The records below are to be transcribed exactly from their first line to the line that has "#21901=AXIS2_PLACEMENT_3D('',#21898,#21899,#21900);", inclusive, with every picture omitted.

[Records from a data source]
Content starts

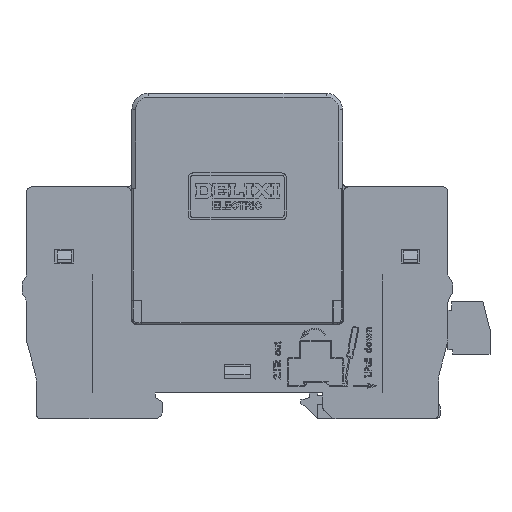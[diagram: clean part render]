
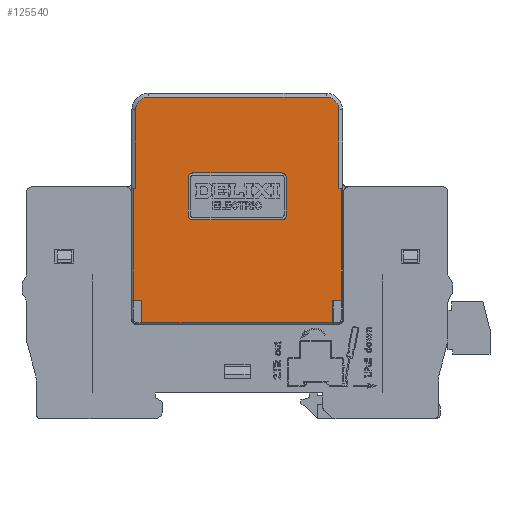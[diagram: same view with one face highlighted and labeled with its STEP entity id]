
A CAD part, front view. The second image highlights one B-rep face of the part: STEP entity #125540.
In plain terms, the highlighted planar face has unit normal (0, -1, 0).
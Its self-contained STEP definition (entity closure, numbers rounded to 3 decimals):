
#21806=DIRECTION('',(1.,0.,0.));
#21807=VECTOR('',#21806,40.8);
#21808=CARTESIAN_POINT('',(24.6,-35.4,15.));
#21809=LINE('',#21808,#21807);
#21836=CARTESIAN_POINT('',(35.5,-35.4,38.));
#21837=DIRECTION('',(0.,-1.,0.));
#21838=DIRECTION('',(-1.,0.,0.));
#21839=AXIS2_PLACEMENT_3D('',#21836,#21837,#21838);
#21841=CARTESIAN_POINT('',(54.5,-35.4,38.));
#21842=DIRECTION('',(0.,-1.,0.));
#21843=DIRECTION('',(0.,0.,-1.));
#21844=AXIS2_PLACEMENT_3D('',#21841,#21842,#21843);
#21846=DIRECTION('',(0.,0.,1.));
#21847=VECTOR('',#21846,8.);
#21848=CARTESIAN_POINT('',(55.5,-35.4,38.));
#21849=LINE('',#21848,#21847);
#21850=CARTESIAN_POINT('',(54.5,-35.4,46.));
#21851=DIRECTION('',(0.,-1.,0.));
#21852=DIRECTION('',(1.,0.,0.));
#21853=AXIS2_PLACEMENT_3D('',#21850,#21851,#21852);
#21855=DIRECTION('',(-1.,0.,0.));
#21856=VECTOR('',#21855,19.);
#21857=CARTESIAN_POINT('',(54.5,-35.4,47.));
#21858=LINE('',#21857,#21856);
#21859=CARTESIAN_POINT('',(35.5,-35.4,46.));
#21860=DIRECTION('',(0.,-1.,0.));
#21861=DIRECTION('',(0.,0.,1.));
#21862=AXIS2_PLACEMENT_3D('',#21859,#21860,#21861);
#21877=DIRECTION('',(0.,0.,1.));
#21878=VECTOR('',#21877,4.8);
#21879=CARTESIAN_POINT('',(24.6,-35.4,15.));
#21880=LINE('',#21879,#21878);
#21881=DIRECTION('',(1.,0.,0.));
#21882=VECTOR('',#21881,1.8);
#21883=CARTESIAN_POINT('',(22.8,-35.4,19.8));
#21884=LINE('',#21883,#21882);
#21885=DIRECTION('',(0.,0.,1.));
#21886=VECTOR('',#21885,16.8);
#21887=CARTESIAN_POINT('',(23.3,-35.4,43.7));
#21888=LINE('',#21887,#21886);
#21889=CARTESIAN_POINT('',(26.,-35.4,60.5));
#21890=DIRECTION('',(0.,1.,0.));
#21891=DIRECTION('',(-1.,0.,0.));
#21892=AXIS2_PLACEMENT_3D('',#21889,#21890,#21891);
#21894=DIRECTION('',(1.,0.,0.));
#21895=VECTOR('',#21894,38.);
#21896=CARTESIAN_POINT('',(26.,-35.4,63.2));
#21897=LINE('',#21896,#21895);
#21898=CARTESIAN_POINT('',(64.,-35.4,60.5));
#21899=DIRECTION('',(0.,1.,0.));
#21900=DIRECTION('',(0.,0.,1.));
#21901=AXIS2_PLACEMENT_3D('',#21898,#21899,#21900);
#21903=DIRECTION('',(0.,0.,-1.));
#21904=VECTOR('',#21903,16.8);
#21905=CARTESIAN_POINT('',(66.7,-35.4,60.5));
#21906=LINE('',#21905,#21904);
#21907=DIRECTION('',(1.,0.,0.));
#21908=VECTOR('',#21907,0.5);
#21909=CARTESIAN_POINT('',(66.7,-35.4,43.7));
#21910=LINE('',#21909,#21908);
#21911=DIRECTION('',(-1.,0.,0.));
#21912=VECTOR('',#21911,1.8);
#21913=CARTESIAN_POINT('',(67.2,-35.4,19.8));
#21914=LINE('',#21913,#21912);
#21915=DIRECTION('',(0.,0.,1.));
#21916=VECTOR('',#21915,4.8);
#21917=CARTESIAN_POINT('',(65.4,-35.4,15.));
#21918=LINE('',#21917,#21916);
#21932=DIRECTION('',(0.,0.,1.));
#21933=VECTOR('',#21932,8.);
#21934=CARTESIAN_POINT('',(34.5,-35.4,38.));
#21935=LINE('',#21934,#21933);
#21968=DIRECTION('',(-1.,0.,0.));
#21969=VECTOR('',#21968,19.);
#21970=CARTESIAN_POINT('',(54.5,-35.4,37.));
#21971=LINE('',#21970,#21969);
#25776=DIRECTION('',(0.,0.,-1.));
#25777=VECTOR('',#25776,23.9);
#25778=CARTESIAN_POINT('',(22.8,-35.4,43.7));
#25779=LINE('',#25778,#25777);
#25792=DIRECTION('',(-1.,0.,0.));
#25793=VECTOR('',#25792,0.5);
#25794=CARTESIAN_POINT('',(23.3,-35.4,43.7));
#25795=LINE('',#25794,#25793);
#37674=DIRECTION('',(0.,0.,1.));
#37675=VECTOR('',#37674,23.9);
#37676=CARTESIAN_POINT('',(67.2,-35.4,19.8));
#37677=LINE('',#37676,#37675);
#88323=CARTESIAN_POINT('',(22.8,-35.4,43.7));
#88324=VERTEX_POINT('',#88323);
#88331=CARTESIAN_POINT('',(23.3,-35.4,43.7));
#88332=VERTEX_POINT('',#88331);
#88333=CARTESIAN_POINT('',(23.3,-35.4,60.5));
#88334=VERTEX_POINT('',#88333);
#88335=CARTESIAN_POINT('',(26.,-35.4,63.2));
#88336=VERTEX_POINT('',#88335);
#88337=CARTESIAN_POINT('',(64.,-35.4,63.2));
#88338=VERTEX_POINT('',#88337);
#88339=CARTESIAN_POINT('',(66.7,-35.4,60.5));
#88340=VERTEX_POINT('',#88339);
#88341=CARTESIAN_POINT('',(66.7,-35.4,43.7));
#88342=VERTEX_POINT('',#88341);
#88343=CARTESIAN_POINT('',(67.2,-35.4,43.7));
#88344=VERTEX_POINT('',#88343);
#88345=CARTESIAN_POINT('',(34.5,-35.4,38.));
#88346=CARTESIAN_POINT('',(34.5,-35.4,46.));
#88347=VERTEX_POINT('',#88345);
#88348=VERTEX_POINT('',#88346);
#88349=CARTESIAN_POINT('',(35.5,-35.4,37.));
#88350=VERTEX_POINT('',#88349);
#88351=CARTESIAN_POINT('',(54.5,-35.4,37.));
#88352=VERTEX_POINT('',#88351);
#88353=CARTESIAN_POINT('',(55.5,-35.4,38.));
#88354=VERTEX_POINT('',#88353);
#88355=CARTESIAN_POINT('',(55.5,-35.4,46.));
#88356=VERTEX_POINT('',#88355);
#88357=CARTESIAN_POINT('',(54.5,-35.4,47.));
#88358=VERTEX_POINT('',#88357);
#88359=CARTESIAN_POINT('',(35.5,-35.4,47.));
#88360=VERTEX_POINT('',#88359);
#98853=CARTESIAN_POINT('',(22.8,-35.4,19.8));
#98854=VERTEX_POINT('',#98853);
#98859=CARTESIAN_POINT('',(24.6,-35.4,15.));
#98860=CARTESIAN_POINT('',(24.6,-35.4,19.8));
#98861=VERTEX_POINT('',#98859);
#98862=VERTEX_POINT('',#98860);
#98869=CARTESIAN_POINT('',(67.2,-35.4,19.8));
#98870=CARTESIAN_POINT('',(65.4,-35.4,19.8));
#98871=VERTEX_POINT('',#98869);
#98872=VERTEX_POINT('',#98870);
#98873=CARTESIAN_POINT('',(65.4,-35.4,15.));
#98874=VERTEX_POINT('',#98873);
#125488=CARTESIAN_POINT('',(22.5,-35.4,14.7));
#125489=DIRECTION('',(0.,-1.,0.));
#125490=DIRECTION('',(0.,0.,-1.));
#125491=AXIS2_PLACEMENT_3D('',#125488,#125489,#125490);
#125492=PLANE('',#125491);
#125494=ORIENTED_EDGE('',*,*,#125493,.T.);
#125496=ORIENTED_EDGE('',*,*,#125495,.F.);
#125498=ORIENTED_EDGE('',*,*,#125497,.F.);
#125500=ORIENTED_EDGE('',*,*,#125499,.F.);
#125502=ORIENTED_EDGE('',*,*,#125501,.T.);
#125504=ORIENTED_EDGE('',*,*,#125503,.T.);
#125506=ORIENTED_EDGE('',*,*,#125505,.T.);
#125508=ORIENTED_EDGE('',*,*,#125507,.T.);
#125510=ORIENTED_EDGE('',*,*,#125509,.T.);
#125512=ORIENTED_EDGE('',*,*,#125511,.T.);
#125514=ORIENTED_EDGE('',*,*,#125513,.F.);
#125516=ORIENTED_EDGE('',*,*,#125515,.T.);
#125518=ORIENTED_EDGE('',*,*,#125517,.F.);
#125519=ORIENTED_EDGE('',*,*,#125433,.F.);
#125520=EDGE_LOOP('',(#125494,#125496,#125498,#125500,#125502,#125504,#125506,
#125508,#125510,#125512,#125514,#125516,#125518,#125519));
#125521=FACE_OUTER_BOUND('',#125520,.F.);
#125523=ORIENTED_EDGE('',*,*,#125522,.F.);
#125525=ORIENTED_EDGE('',*,*,#125524,.T.);
#125527=ORIENTED_EDGE('',*,*,#125526,.F.);
#125529=ORIENTED_EDGE('',*,*,#125528,.T.);
#125531=ORIENTED_EDGE('',*,*,#125530,.T.);
#125533=ORIENTED_EDGE('',*,*,#125532,.T.);
#125535=ORIENTED_EDGE('',*,*,#125534,.T.);
#125537=ORIENTED_EDGE('',*,*,#125536,.T.);
#125538=EDGE_LOOP('',(#125523,#125525,#125527,#125529,#125531,#125533,#125535,
#125537));
#125539=FACE_BOUND('',#125538,.F.);
#125540=ADVANCED_FACE('',(#125521,#125539),#125492,.T.);
#21840=CIRCLE('',#21839,1.);
#21845=CIRCLE('',#21844,1.);
#21854=CIRCLE('',#21853,1.);
#21863=CIRCLE('',#21862,1.);
#21893=CIRCLE('',#21892,2.7);
#21902=CIRCLE('',#21901,2.7);
#125433=EDGE_CURVE('',#98861,#98874,#21809,.T.);
#125493=EDGE_CURVE('',#98861,#98862,#21880,.T.);
#125495=EDGE_CURVE('',#98854,#98862,#21884,.T.);
#125497=EDGE_CURVE('',#88324,#98854,#25779,.T.);
#125499=EDGE_CURVE('',#88332,#88324,#25795,.T.);
#125501=EDGE_CURVE('',#88332,#88334,#21888,.T.);
#125503=EDGE_CURVE('',#88334,#88336,#21893,.T.);
#125505=EDGE_CURVE('',#88336,#88338,#21897,.T.);
#125507=EDGE_CURVE('',#88338,#88340,#21902,.T.);
#125509=EDGE_CURVE('',#88340,#88342,#21906,.T.);
#125511=EDGE_CURVE('',#88342,#88344,#21910,.T.);
#125513=EDGE_CURVE('',#98871,#88344,#37677,.T.);
#125515=EDGE_CURVE('',#98871,#98872,#21914,.T.);
#125517=EDGE_CURVE('',#98874,#98872,#21918,.T.);
#125522=EDGE_CURVE('',#88347,#88348,#21935,.T.);
#125524=EDGE_CURVE('',#88347,#88350,#21840,.T.);
#125526=EDGE_CURVE('',#88352,#88350,#21971,.T.);
#125528=EDGE_CURVE('',#88352,#88354,#21845,.T.);
#125530=EDGE_CURVE('',#88354,#88356,#21849,.T.);
#125532=EDGE_CURVE('',#88356,#88358,#21854,.T.);
#125534=EDGE_CURVE('',#88358,#88360,#21858,.T.);
#125536=EDGE_CURVE('',#88360,#88348,#21863,.T.);

Content ends

Solution below:
[diagram: clean part render]
[diagram: same view with one face highlighted and labeled with its STEP entity id]
A CAD part, front view. The second image highlights one B-rep face of the part: STEP entity #125540.
In plain terms, the highlighted planar face has unit normal (0, -1, 0).
Its self-contained STEP definition (entity closure, numbers rounded to 3 decimals):
#21806=DIRECTION('',(1.,0.,0.));
#21807=VECTOR('',#21806,40.8);
#21808=CARTESIAN_POINT('',(24.6,-35.4,15.));
#21809=LINE('',#21808,#21807);
#21836=CARTESIAN_POINT('',(35.5,-35.4,38.));
#21837=DIRECTION('',(0.,-1.,0.));
#21838=DIRECTION('',(-1.,0.,0.));
#21839=AXIS2_PLACEMENT_3D('',#21836,#21837,#21838);
#21841=CARTESIAN_POINT('',(54.5,-35.4,38.));
#21842=DIRECTION('',(0.,-1.,0.));
#21843=DIRECTION('',(0.,0.,-1.));
#21844=AXIS2_PLACEMENT_3D('',#21841,#21842,#21843);
#21846=DIRECTION('',(0.,0.,1.));
#21847=VECTOR('',#21846,8.);
#21848=CARTESIAN_POINT('',(55.5,-35.4,38.));
#21849=LINE('',#21848,#21847);
#21850=CARTESIAN_POINT('',(54.5,-35.4,46.));
#21851=DIRECTION('',(0.,-1.,0.));
#21852=DIRECTION('',(1.,0.,0.));
#21853=AXIS2_PLACEMENT_3D('',#21850,#21851,#21852);
#21855=DIRECTION('',(-1.,0.,0.));
#21856=VECTOR('',#21855,19.);
#21857=CARTESIAN_POINT('',(54.5,-35.4,47.));
#21858=LINE('',#21857,#21856);
#21859=CARTESIAN_POINT('',(35.5,-35.4,46.));
#21860=DIRECTION('',(0.,-1.,0.));
#21861=DIRECTION('',(0.,0.,1.));
#21862=AXIS2_PLACEMENT_3D('',#21859,#21860,#21861);
#21877=DIRECTION('',(0.,0.,1.));
#21878=VECTOR('',#21877,4.8);
#21879=CARTESIAN_POINT('',(24.6,-35.4,15.));
#21880=LINE('',#21879,#21878);
#21881=DIRECTION('',(1.,0.,0.));
#21882=VECTOR('',#21881,1.8);
#21883=CARTESIAN_POINT('',(22.8,-35.4,19.8));
#21884=LINE('',#21883,#21882);
#21885=DIRECTION('',(0.,0.,1.));
#21886=VECTOR('',#21885,16.8);
#21887=CARTESIAN_POINT('',(23.3,-35.4,43.7));
#21888=LINE('',#21887,#21886);
#21889=CARTESIAN_POINT('',(26.,-35.4,60.5));
#21890=DIRECTION('',(0.,1.,0.));
#21891=DIRECTION('',(-1.,0.,0.));
#21892=AXIS2_PLACEMENT_3D('',#21889,#21890,#21891);
#21894=DIRECTION('',(1.,0.,0.));
#21895=VECTOR('',#21894,38.);
#21896=CARTESIAN_POINT('',(26.,-35.4,63.2));
#21897=LINE('',#21896,#21895);
#21898=CARTESIAN_POINT('',(64.,-35.4,60.5));
#21899=DIRECTION('',(0.,1.,0.));
#21900=DIRECTION('',(0.,0.,1.));
#21901=AXIS2_PLACEMENT_3D('',#21898,#21899,#21900);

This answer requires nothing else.